Operating since 2018, AlphaGrowth has years of experience in DeFi and Crypto BD, We have successfully facilitated business development for multiple protocols including Kava, Sommelier Finance, NEAR, Aurora, and many others.

In our latest engagement with the Kava grants program, the Kava ecosystem witnessed integration with 78 projects and a TVL increase of $80+ Million. Our strategies have shown resilience and success throughout the crypto winter. Over the past year, our BD efforts have led to the deployment of over 150 projects on various blockchains. AlphaGrowth gets deals done, even in the bear.

We have interacted with over 100 ecosystems and 2700+ projects. To facilitate BD and grant deployment, our team built a crypto-native CRM and dashboard enabling us to efficiently evaluate and score opportunities, and report progress on all BD efforts.

Impact and Transparency

At AlphaGrowth, we like doing business in public. We welcome any input or feedback from the Compound community on the proposal.

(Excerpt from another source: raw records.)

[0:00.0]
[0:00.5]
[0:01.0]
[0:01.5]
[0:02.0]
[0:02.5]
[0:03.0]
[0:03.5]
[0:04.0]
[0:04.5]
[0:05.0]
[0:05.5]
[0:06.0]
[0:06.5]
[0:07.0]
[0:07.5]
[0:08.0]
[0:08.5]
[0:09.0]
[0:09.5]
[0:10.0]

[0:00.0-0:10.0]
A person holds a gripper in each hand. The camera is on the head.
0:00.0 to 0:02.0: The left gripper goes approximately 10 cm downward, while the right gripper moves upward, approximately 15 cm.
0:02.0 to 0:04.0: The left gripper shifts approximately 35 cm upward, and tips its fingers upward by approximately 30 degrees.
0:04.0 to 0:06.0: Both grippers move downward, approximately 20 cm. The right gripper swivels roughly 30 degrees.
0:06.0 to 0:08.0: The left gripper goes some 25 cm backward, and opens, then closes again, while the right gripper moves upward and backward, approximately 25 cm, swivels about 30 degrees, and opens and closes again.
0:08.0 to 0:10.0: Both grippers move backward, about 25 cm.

To keep the community informed on the progress, AG will implement the following tasks to guarantee transparency

  • Monthly reports on the progress of BD activities so far (6 reports)
  • Quarterly Progress reports highlighting various deals in the pipeline, successful integrations, closed deals and learnings (2 reports)
  • A database that gives all the program specific information to the community so that the members can come, verify and inquire about the process.
  • Post program analysis and report about spends on budget categories 3,4 & 5


Website | Twitter | Linkedin

Some of the examples of our research and data


Update 1: On the Community call held on Aug 9th 2023, We had presented the proposal to the community

We were lucky enough to get the feedback from multiple community members. Among them here are the 3 points mentioned by @kevin

  1. Engineering side challenges to deploy compound to new chains
  1. Seeing more use cases and integrations with other Dapps ranther than getting on more chains

  2. Budget request for the program being too high

As time was limited, we could not complete the discussion. @kevin we are working on the proposal to address the points, any other point that you wanted to mention?

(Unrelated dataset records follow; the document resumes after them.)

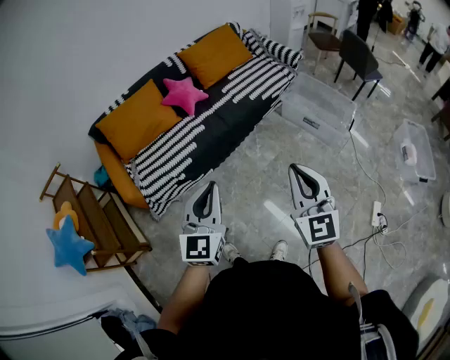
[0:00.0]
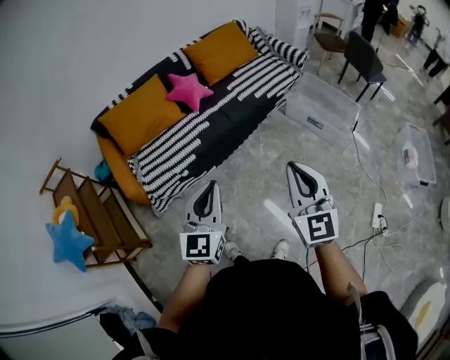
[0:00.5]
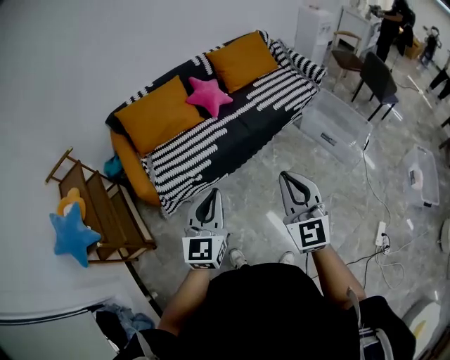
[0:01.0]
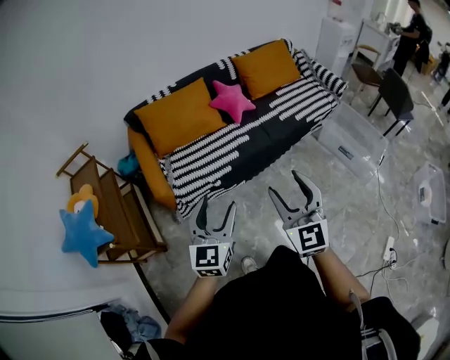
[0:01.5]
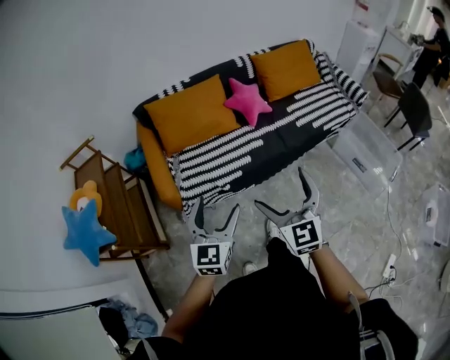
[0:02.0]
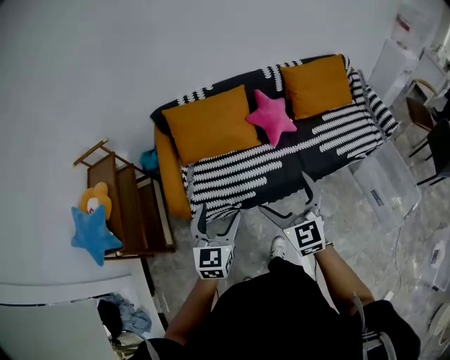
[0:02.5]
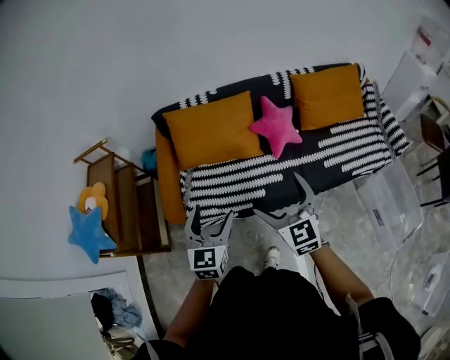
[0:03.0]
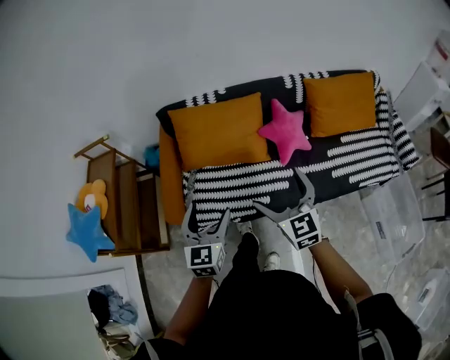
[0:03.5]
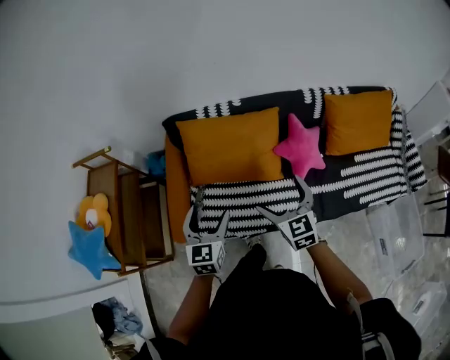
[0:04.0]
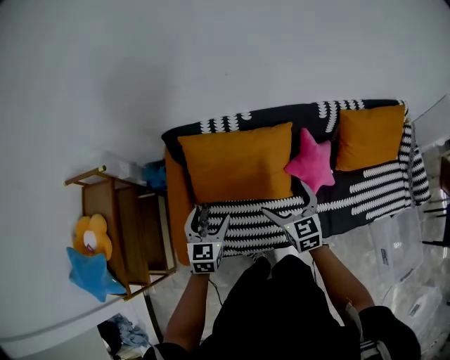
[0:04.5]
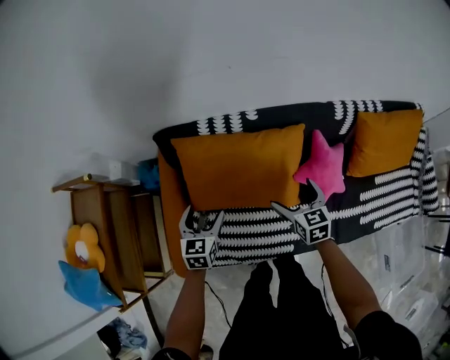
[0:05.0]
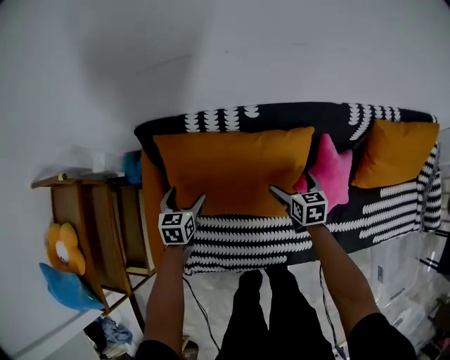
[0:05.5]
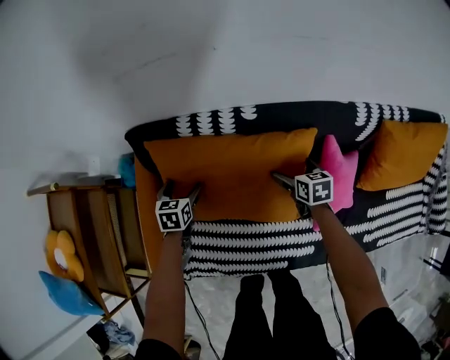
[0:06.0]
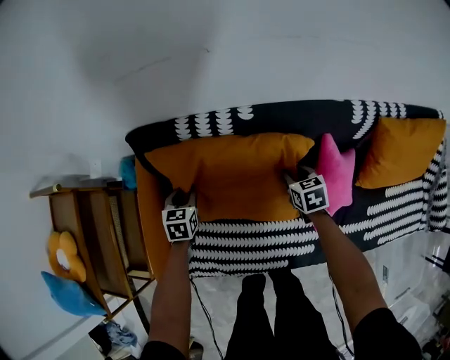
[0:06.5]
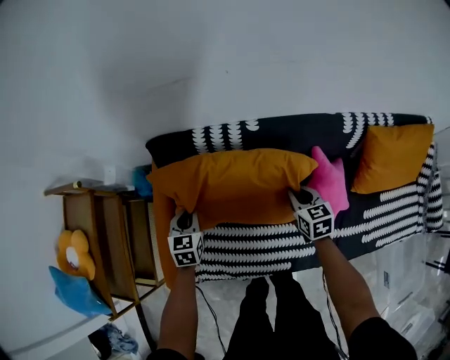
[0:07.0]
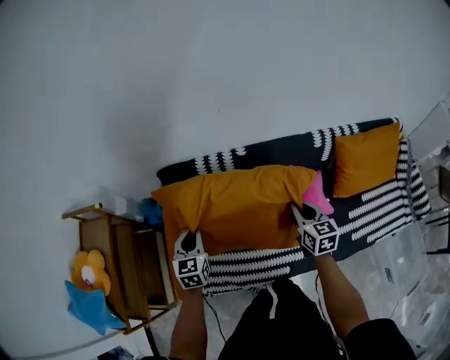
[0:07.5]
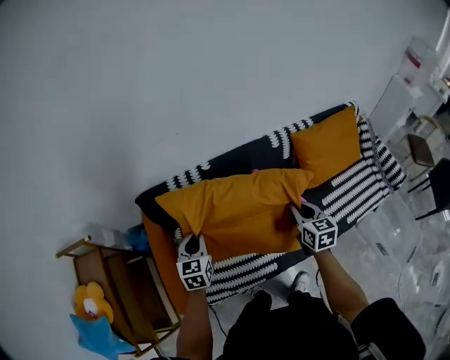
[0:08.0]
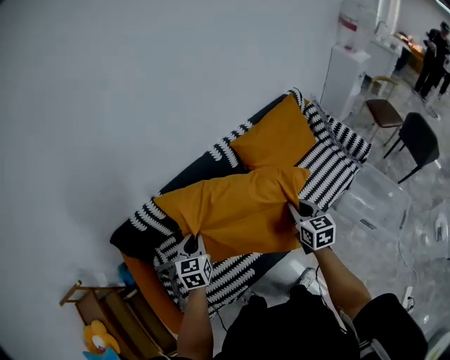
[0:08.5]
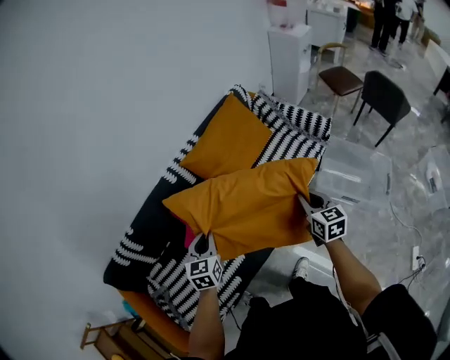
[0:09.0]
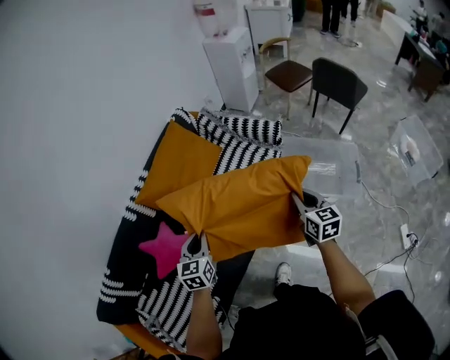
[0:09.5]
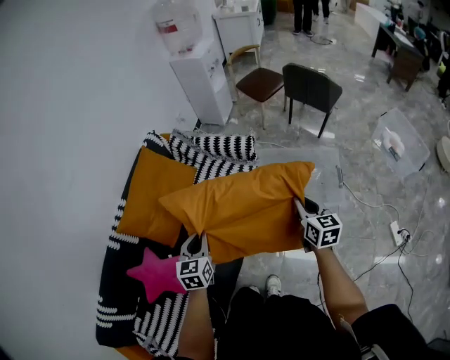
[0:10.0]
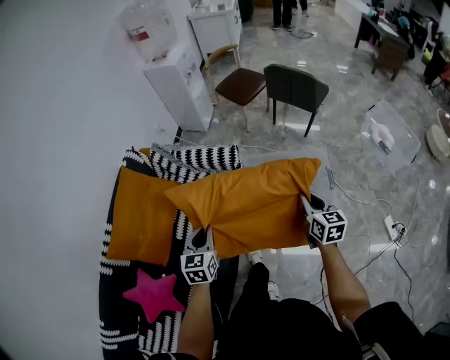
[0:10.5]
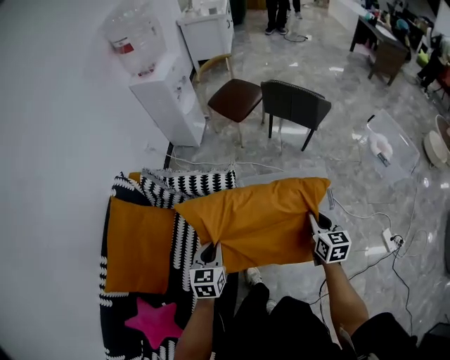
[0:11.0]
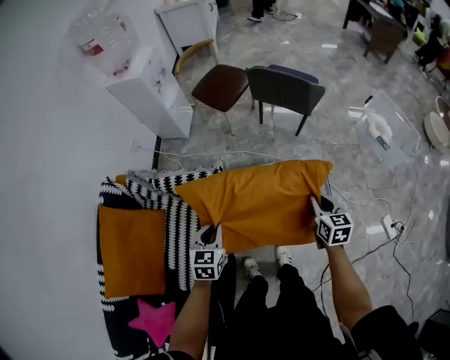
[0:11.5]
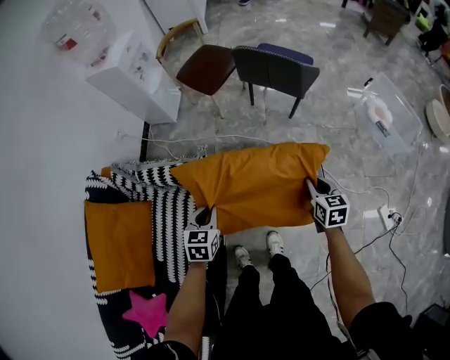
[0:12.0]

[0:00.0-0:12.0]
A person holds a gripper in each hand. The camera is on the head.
0:00.0 to 0:02.0: Both grippers travel together to the left and forward, roughly 30 cm. The right gripper turns by some 20 degrees, and opens its fingers. The left gripper opens its fingers.
0:02.0 to 0:04.0: Both grippers are carried forward, roughly 50 cm. The left gripper changes its angle by about 30 degrees, while the right gripper changes its angle by roughly 30 degrees.
0:04.0 to 0:06.0: Both grippers are carried forward, about 40 cm. Both grippers move downward, some 40 cm. The left gripper changes its angle by about 30 degrees, while the right gripper swivels roughly 40 degrees.
0:06.0 to 0:08.0: The two grippers go roughly 40 cm upward and backward. The left gripper rotates approximately 30 degrees, and closes up, while the right gripper rotates some 30 degrees, and closes.
0:08.0 to 0:10.0: The pair of grippers is taken roughly 90 cm. The left gripper swivels approximately 50 degrees, while the right gripper swivels approximately 60 degrees.
0:10.0 to 0:12.0: The two grippers travel together, forward and to the right, some 50 cm. The left gripper turns by roughly 30 degrees. Meanwhile the right gripper travels downward by approximately 15 cm, and rotates roughly 20 degrees.

In order to make the proposal best suited for Compound’s growth and development, we look forward to get your feedback on it. Thanks


Thanks @sharp and the Alphagrowth team for making this proposal and speaking at the Compound community call. Personally, I would love to see a third-party focused around growth and BD for the protocol. However, I do have some concerns about the current proposal which I will expand upon below.

Chain integrations and token integrations seem unnecessary

These three points cover the crux of my concerns. But I’d like to expand a bit further into the second point:

Compound is in the fortunate position of being a protocol that most chains would probably pay to have as part of their own ecosystem. For many nascent chains, having a bluechip protocol like Compound launch on their platform is arguably a bigger benefit to the chain itself than Compound. Furthermore, with a presence on Polygon, Arbitrum, Base, and, in the future, Optimism, Compound will have a presence on most of the major chains/L2s. There seems to be very little upside for the protocol in this chain-expansion focused proposal. Not only that, the work that the DAO would be paying Alphagrowth $600K+ (11K COMP) for is already currently being done without cost by other chains that want to have Compound on their chain.

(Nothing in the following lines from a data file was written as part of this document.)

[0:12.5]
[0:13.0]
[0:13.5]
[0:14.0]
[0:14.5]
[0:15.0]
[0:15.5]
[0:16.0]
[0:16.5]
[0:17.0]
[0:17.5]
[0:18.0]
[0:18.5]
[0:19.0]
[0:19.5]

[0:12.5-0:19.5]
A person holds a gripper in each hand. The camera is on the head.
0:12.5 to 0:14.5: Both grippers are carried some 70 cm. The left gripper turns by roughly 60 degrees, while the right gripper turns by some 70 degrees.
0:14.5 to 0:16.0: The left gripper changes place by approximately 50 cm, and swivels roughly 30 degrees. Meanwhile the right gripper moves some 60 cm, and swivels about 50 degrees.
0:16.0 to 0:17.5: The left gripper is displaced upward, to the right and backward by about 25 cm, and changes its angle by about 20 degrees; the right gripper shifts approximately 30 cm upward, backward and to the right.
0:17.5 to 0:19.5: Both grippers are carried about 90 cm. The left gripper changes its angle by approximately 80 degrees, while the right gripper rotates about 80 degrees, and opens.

A similar argument can be applied to asset listings. Compound has historically been conservative with approving new collateral assets because each new collateral asset adds new risks to the protocol. The bottleneck isn’t in finding new assets to support on the platform. The challenge is in identifying new assets that make sense as collateral for a market. With Compound v3 being out almost a year now, we are now starting to see other teams (e.g. Stader Labs, Rocket Pool) provide their own dev, BD, and growth resources to get their tokens listed on the platform.

tldr: Several chains and assets are already committing their own resources to have Compound be part of their ecosystem. Paying a third-party more than $600K+ to do this (and without the dev resources) does not seem like a good use of the DAO’s funds.

Potential growth opportunities

That being said, I definitely see value in the other suggested growth ideas, such as platform integrations and content creation. I think it makes sense to keep the scope of this proposal smaller.


Hey @kevin , thanks a lot for the feedback. The first and foremost aim of our discussion was to make our proposal as detailed as possible. To put a spectrum of activities in front of the Community so that the community members give suggestions, approve or disapprove the parts they deem necessary and we make appropriate changes to the proposal based on the suggestions. In this regard your recommendations and honest feedback on the proposal have proven to be a valuable resource.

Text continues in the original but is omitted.